Inferring Latent User Properties from Texts Published in Social Media

Authors: Svitlana Volkova, Yoram Bachrach, Michael Armstrong, Vijay Sharma

AAAI 2015 | Conference PDF | Archive PDF | Plain Text | LLM Run Details

Reproducibility Variable Result LLM Response
Research Type Experimental We rely on machine learning and natural language processing techniques to learn models from user communications. We first examine individual tweets to detect emotions and opinions emanating from them, and then analyze all the tweets published by a user to infer latent traits of that individual. ... Our models outperform the state-of-the-art approaches for inferring various traits, mostly due to to better feature engineering and the larger training data size for commonly explored attributes.
Researcher Affiliation Collaboration Svitlana Volkova1, Yoram Bachrach2, Michael Armstrong2 and Vijay Sharma2 1Center for Language and Speech Processing, Johns Hopkins University, Baltimore MD 21218, USA svitlana@jhu.edu 2Microsoft Research, Cambridge CB1 2FB, UK {yobach, a-mica, a-vishar}@microsoft.com
Pseudocode No The paper does not contain structured pseudocode or algorithm blocks.
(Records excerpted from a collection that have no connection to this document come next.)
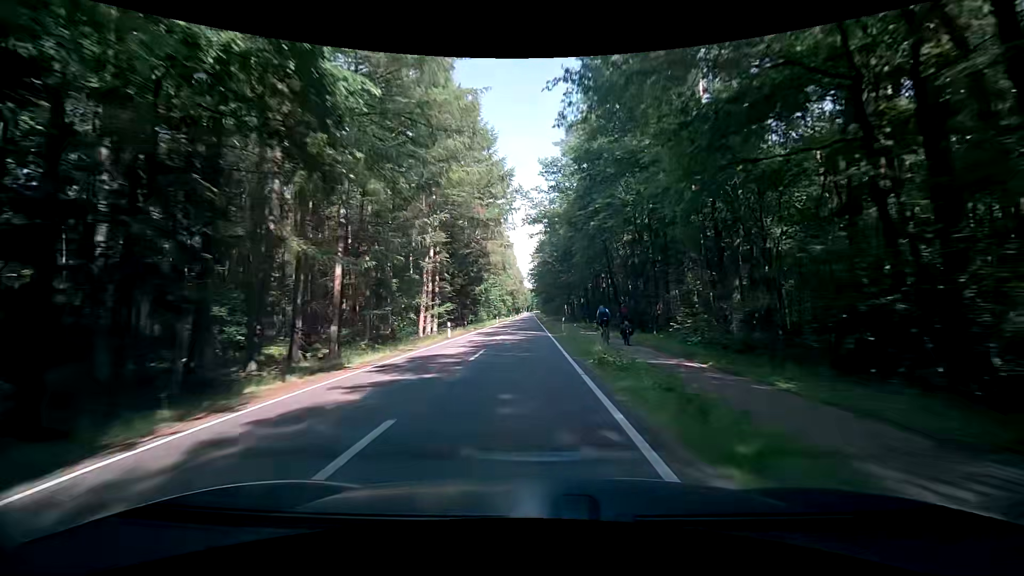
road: secondary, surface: asphalt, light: Day
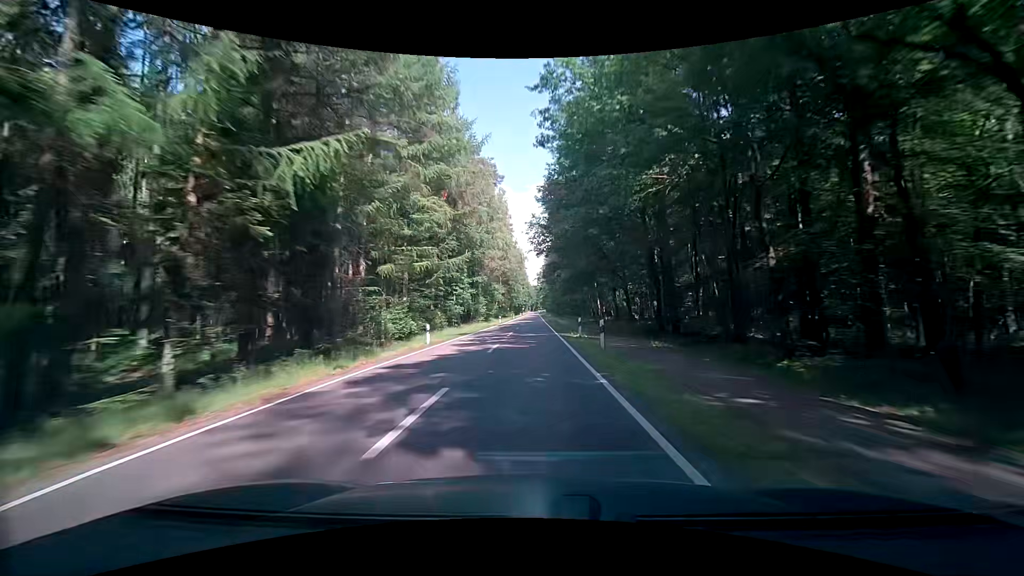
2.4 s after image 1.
(-0.5, +57.2) m; -1°
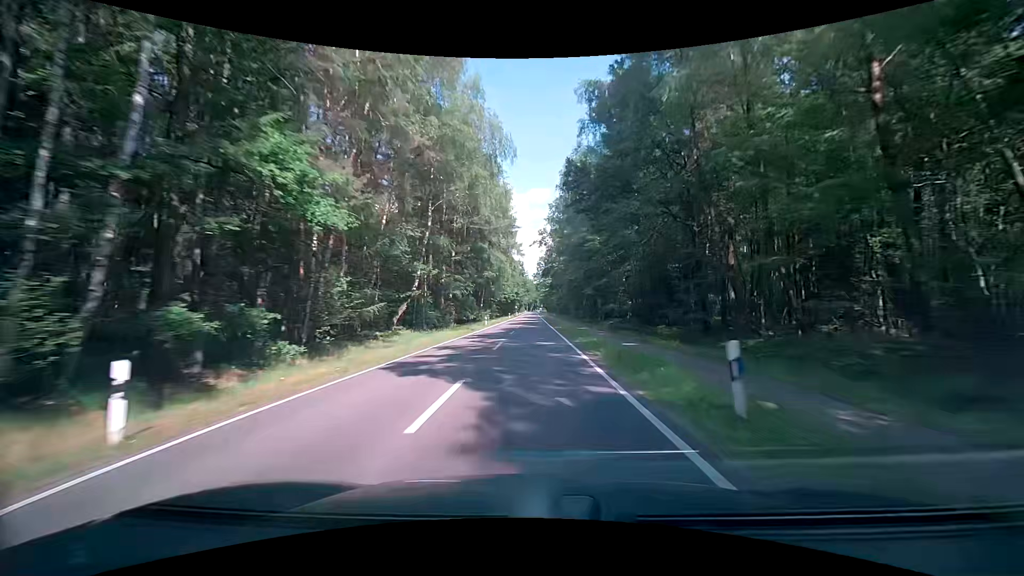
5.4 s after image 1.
(+0.4, +70.4) m; +1°
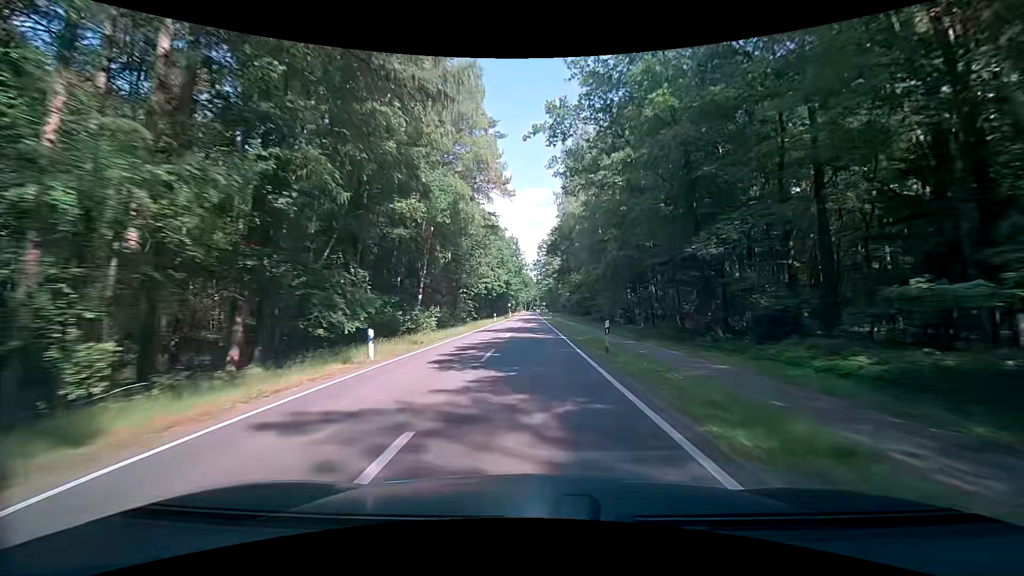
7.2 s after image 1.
(-0.3, +39.6) m; -2°
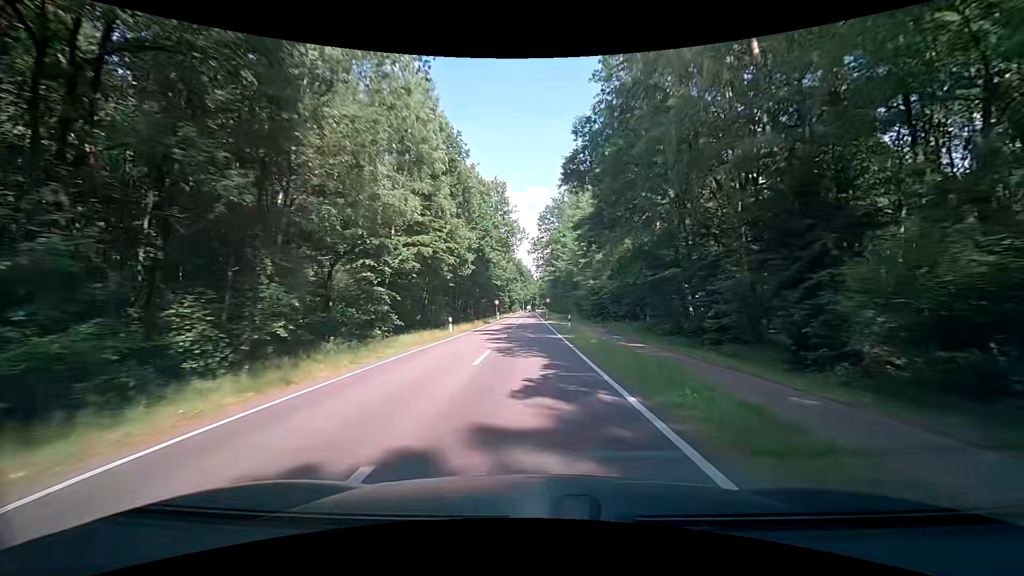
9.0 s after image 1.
(+0.7, +36.7) m; +2°
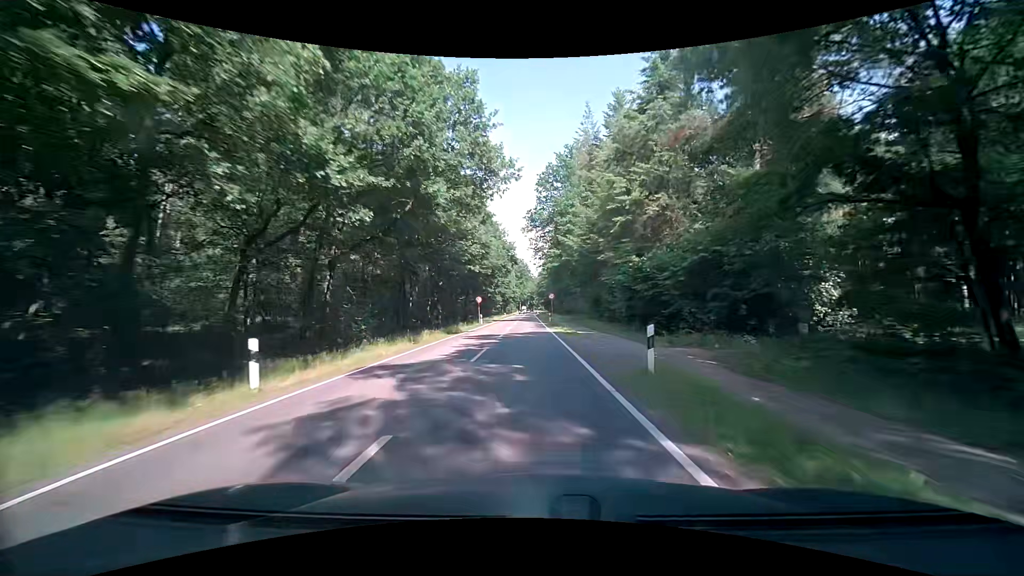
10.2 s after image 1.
(0.0, +22.7) m; -1°
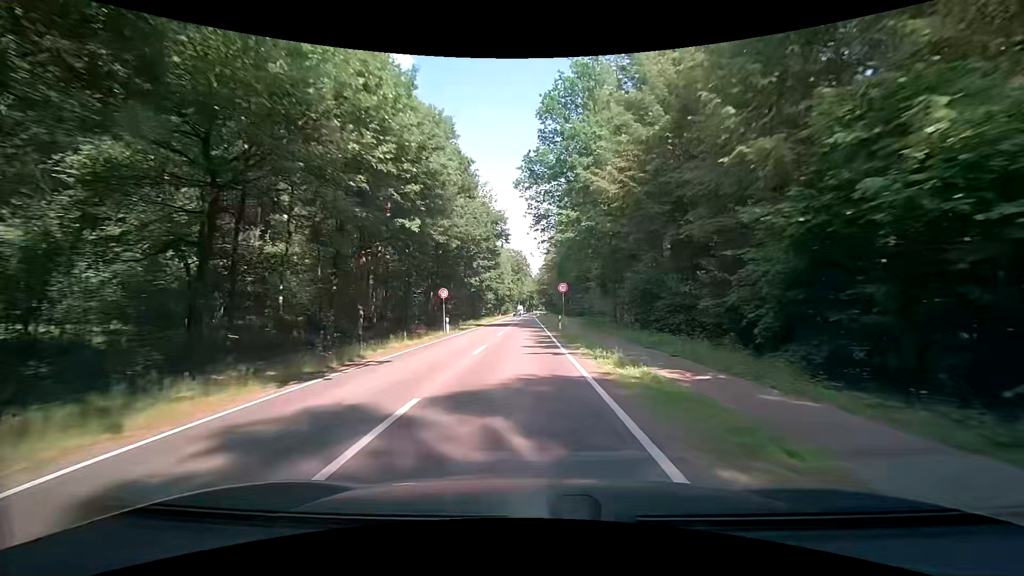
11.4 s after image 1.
(+0.3, +21.4) m; +1°
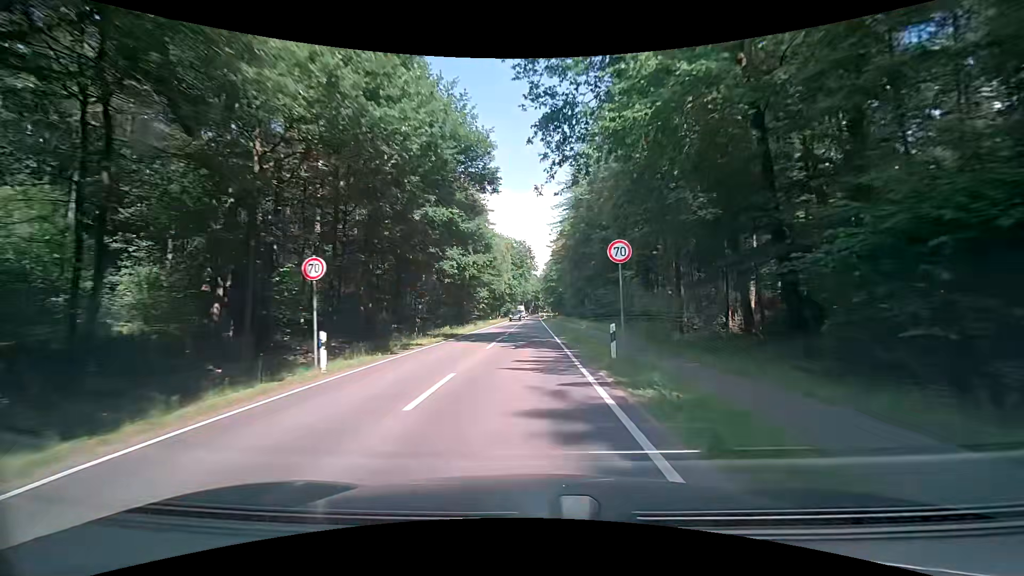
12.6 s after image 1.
(-0.1, +20.6) m; -1°
(0, +10) (0, +20) (0, +30) (0, +40) (0, +50) (0, +60) (0, +70) (0, +80) (0, +90) (0, +100) m

Open Source Code No The paper does not provide concrete access to source code (e.g., specific repository link, explicit code release statement, or code in supplementary materials).
Open Datasets No The paper describes creating a dataset via crowdsourcing ('We asked workers on Amazon Mechanical Turk to glance through 5,000 Twitter profiles...') and mentions using 'noisy hashtag annotations', but does not provide concrete access information (e.g., link, DOI, repository, or formal citation to the created dataset) for public availability.
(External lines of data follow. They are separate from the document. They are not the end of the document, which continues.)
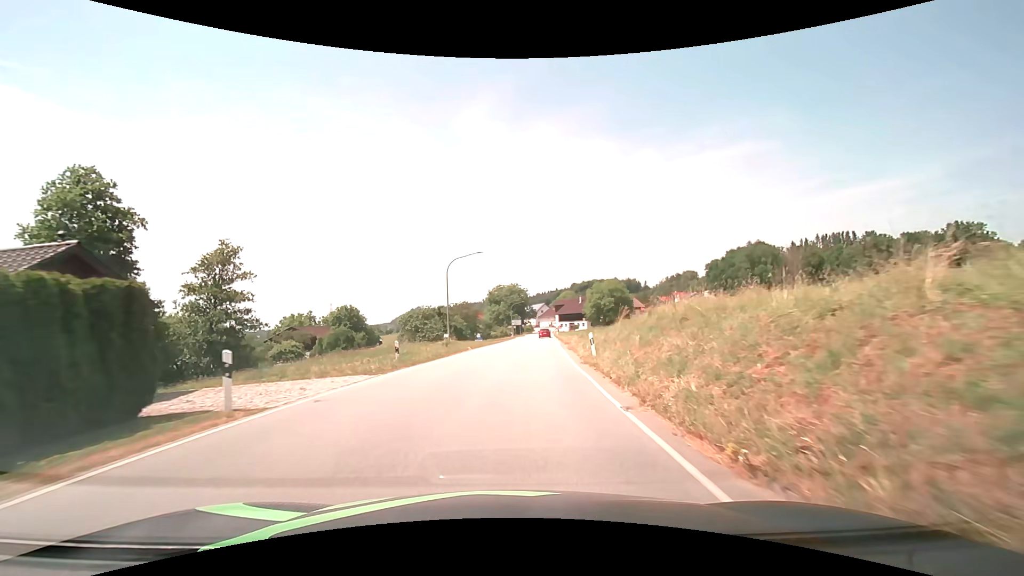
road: secondary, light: Day
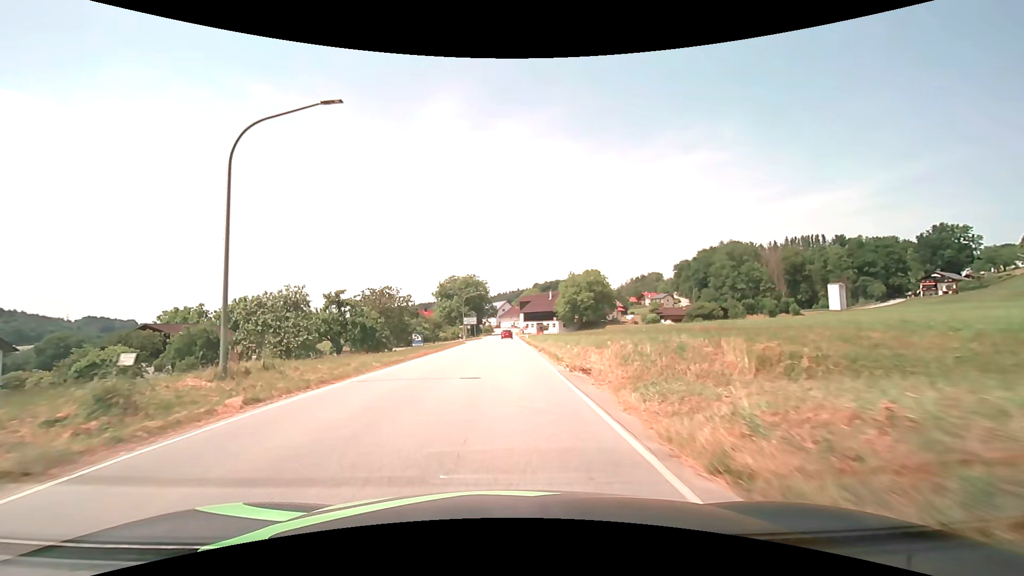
(+1.4, +26.4) m; +5°
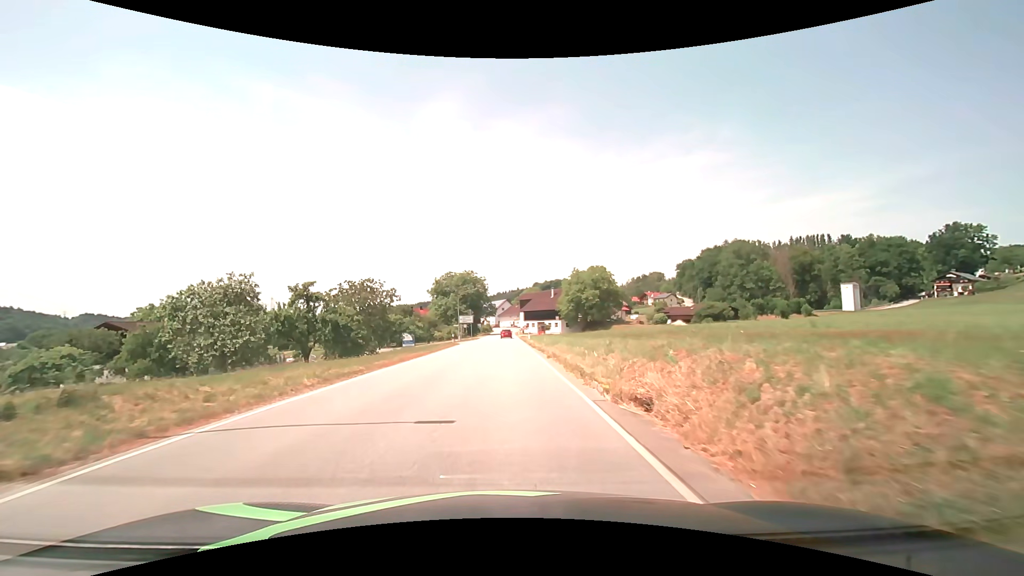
(0.0, +6.6) m; 0°
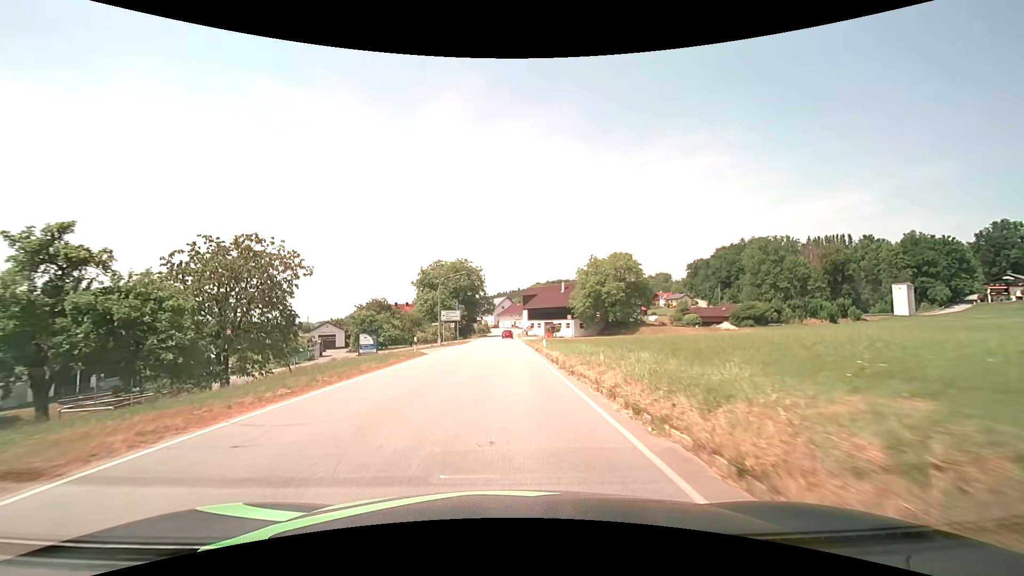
(0.0, +20.3) m; 0°
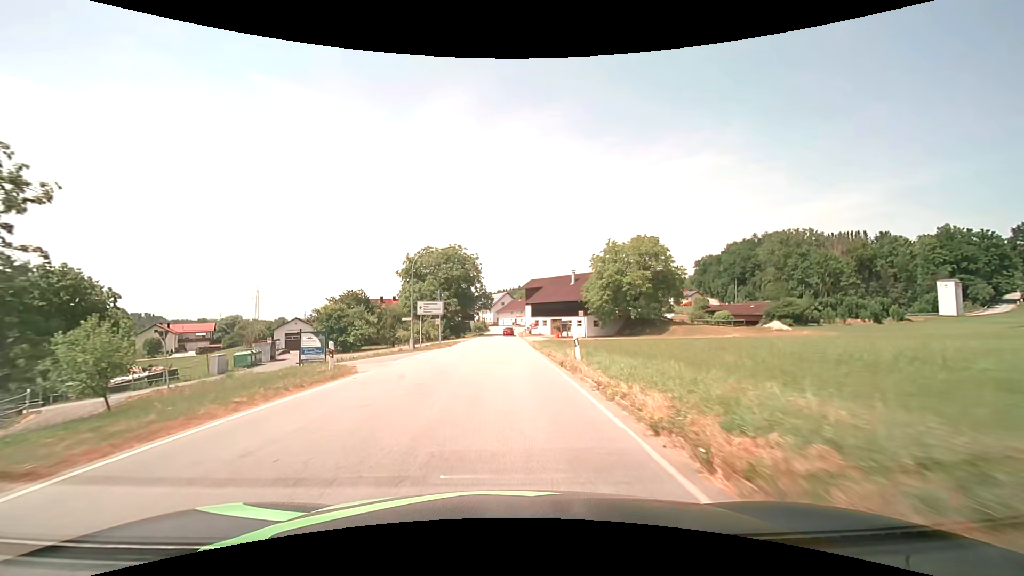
(0.0, +14.0) m; 0°
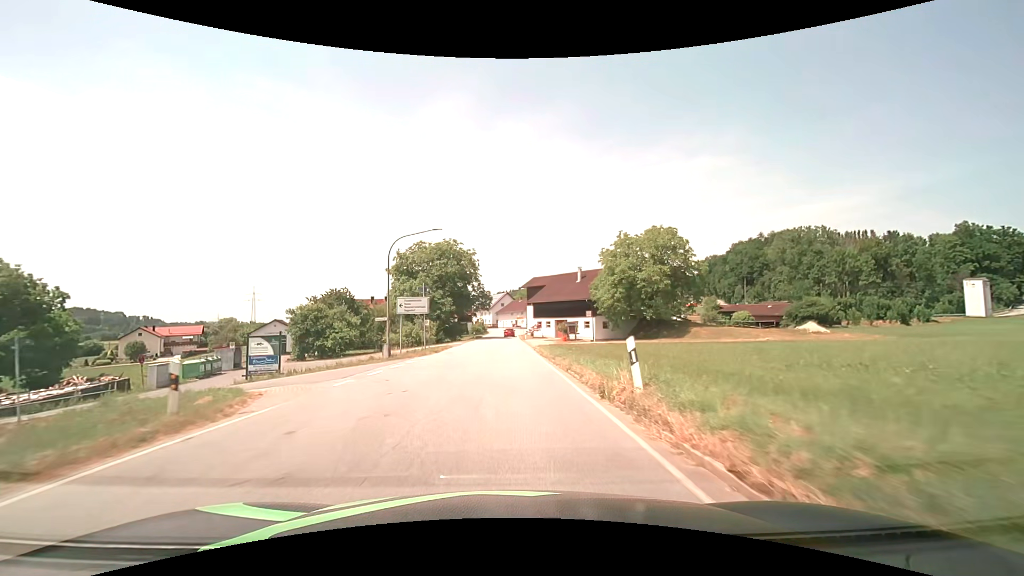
(0.0, +7.1) m; 0°
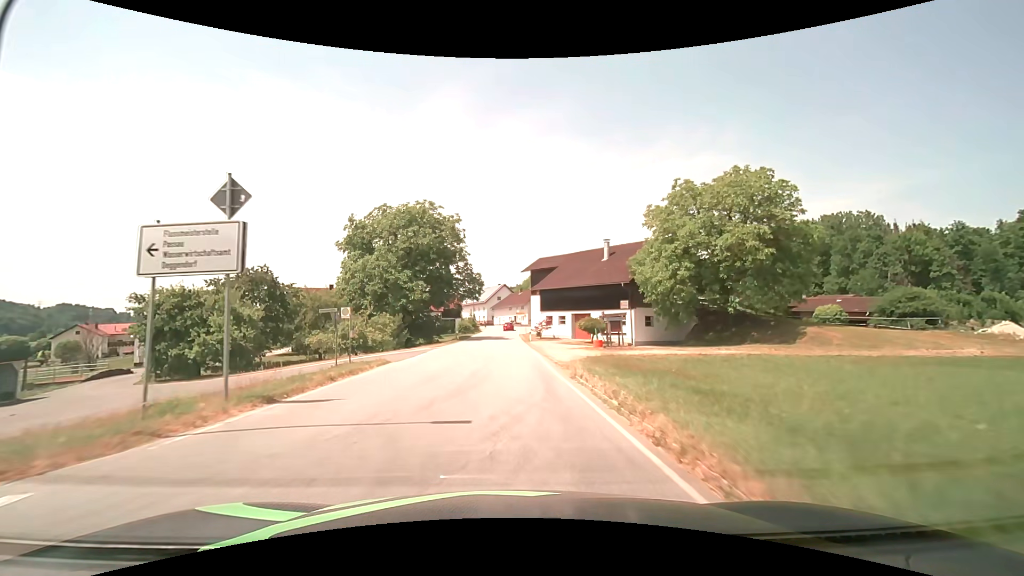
(0.0, +21.7) m; 0°
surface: asphalt
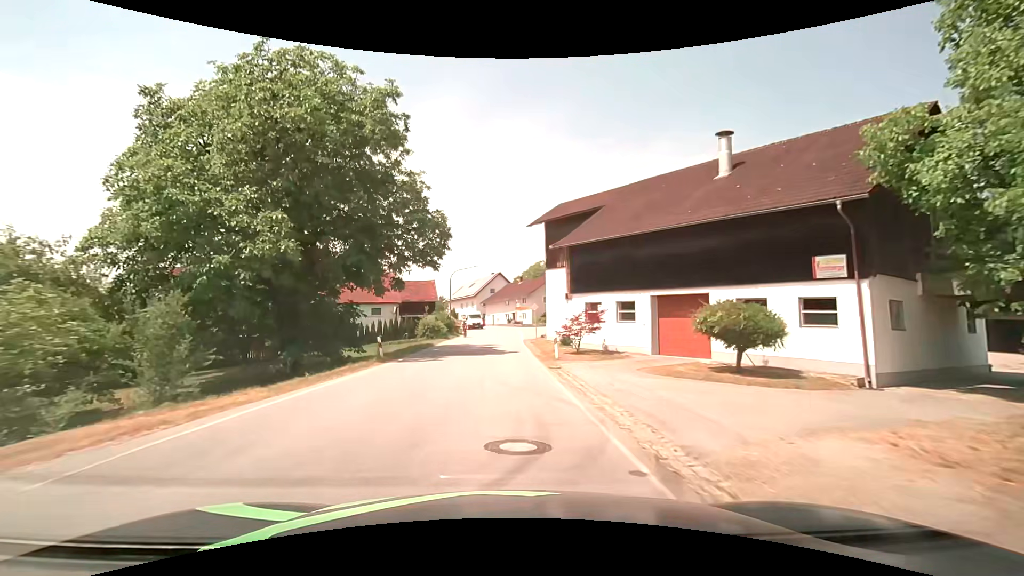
(+0.1, +29.6) m; 0°
(0, +10) (0, +20) (0, +30) (0, +40) (0, +50) (0, +60) (-1, +70) (-4, +80) (-7, +89) (-11, +98) m

Dataset Splits No The paper does not provide specific dataset split information (exact percentages, sample counts, citations to predefined splits, or detailed splitting methodology) needed to reproduce the data partitioning.
Hardware Specification No The paper does not provide specific hardware details (exact GPU/CPU models, processor types with speeds, memory amounts, or detailed computer specifications) used for running its experiments.
Software Dependencies No The paper does not provide specific ancillary software details (e.g., library or solver names with version numbers) needed to replicate the experiment.
Experiment Setup No The paper mentions training 'log-linear models' and using 'lexical features' but does not provide specific experimental setup details (concrete hyperparameter values, training configurations, or system-level settings) in the main text.